Are Buchla Oscillators quantized?

Discussing some incredible modules that don't quite fit into the other forum categories.

Moderators: Joe., lisa, luketeaford, Kent

User avatar
01235813
Common Wiggler
Posts: 232
Joined: Tue Jan 29, 2019 5:48 am

Q

Post by 01235813 » Tue Mar 24, 2020 3:23 am

AutomaticGainsay wrote:
Mon Mar 23, 2020 9:52 pm
The moment you ask how well Buchla oscillators are controlled by external sources, and especially the moment you ask how well Buchla oscillators align to traditional tunings and scales is the moment where you're kind of missing what Don's influence and intention was.
I really respect what you have done for the synth community. I enjoy your content, wit and ability to present and will continue to do so.
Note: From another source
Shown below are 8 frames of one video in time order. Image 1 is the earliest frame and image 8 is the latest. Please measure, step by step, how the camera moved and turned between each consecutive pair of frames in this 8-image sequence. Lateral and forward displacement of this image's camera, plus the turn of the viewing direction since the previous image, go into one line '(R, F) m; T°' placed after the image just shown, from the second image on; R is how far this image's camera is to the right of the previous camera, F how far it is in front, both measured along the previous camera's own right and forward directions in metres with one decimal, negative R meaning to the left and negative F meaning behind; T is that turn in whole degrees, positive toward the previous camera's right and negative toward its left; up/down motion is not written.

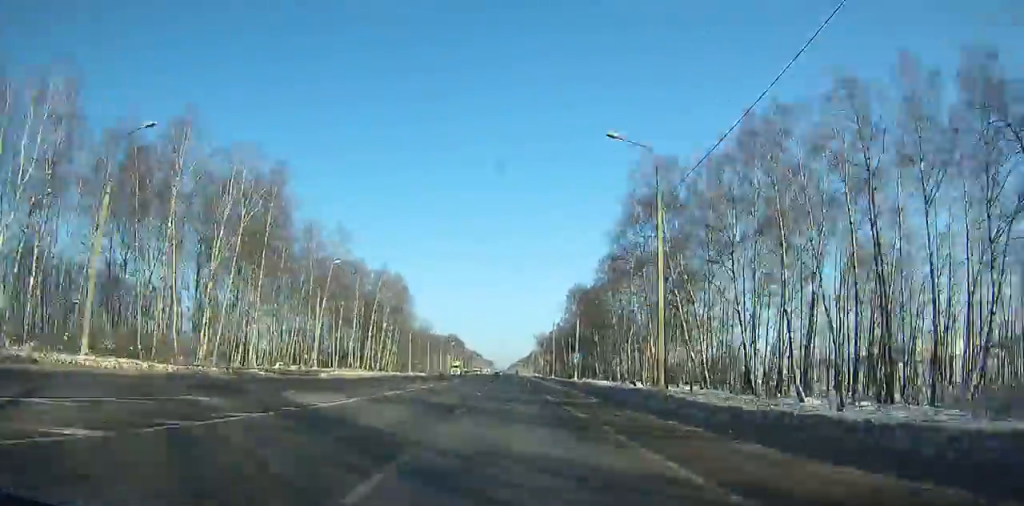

That said, I disagree with your statement. Quite frankly I don't care what Don's intention was. I'd like to believe that his intention was to make an open, flexible instrument that caters to individual needs whilst producing a one of a kind sound. I do believe his goal was to lead away from traditional music and help open new doors to musical perception. I have seen videos of Joel Davel perfectly tracking a 200e, look at the work of Richard Lainhart or Alessandro Cortini. Tell them that syncing gear wasn't Don's intention.

What about the easel command, it's all about syncing to external gear is it not?

User avatar
mutierend
Veteran Wiggler
Posts: 543
Joined: Tue Jan 24, 2017 12:21 pm
Location: Seattle, WA

Re: Are Buchla Oscillators quantized?

Post by mutierend » Tue Mar 24, 2020 2:25 pm

The last thing I want to do is scare someone off from getting into Buchla. Yes, the 261e doesn't track pitch particularly great when using CV. Some say that the CV input was not intended for pitch specifically, but rather for CV control of the tuning of the oscillator. (Classic.)

There are ways to work around it, including: use the 225e with MIDI, scale the CV with the Studio.H CSR, quantize the CV with the NLM 2OC (if you're using a 250e). You can make things a little better with some adjustments. If you tune your 261e to C and send 0.0v from the 251e, you'll get a C. At 0.1, you'll get a C + cents. You can tune the incoming CV a bit with the CV in pot to help. I use a 251e as my sequencer and I have had "good enough" results with twiddling some knobs and setting some fine tune adjustments on the 251e. Working in Dm, for example, I might get D, E-, F+, G-, A, Bb+, C, D. Close enough. I've found that keys with a lot of sharps or flats are easier to tune. Eb minor is your friend. :)

(The 251e outputs quantized CV values, e.g., 0.0, 0.1, 0.2, .... Ditto for the 223e and 252e.)

Those tweaks and such are part of the fun/charm/experience of using a modular synth that doesn't specifically enforce standards. And when you want that "enforcement," the 225e is there for you. And if you absolutely, positively must have accurate pitch and refuse to use a 225e, well, that's when you gotta step back and think about whether you'll be happy for the money. That's a reasonable thing to do.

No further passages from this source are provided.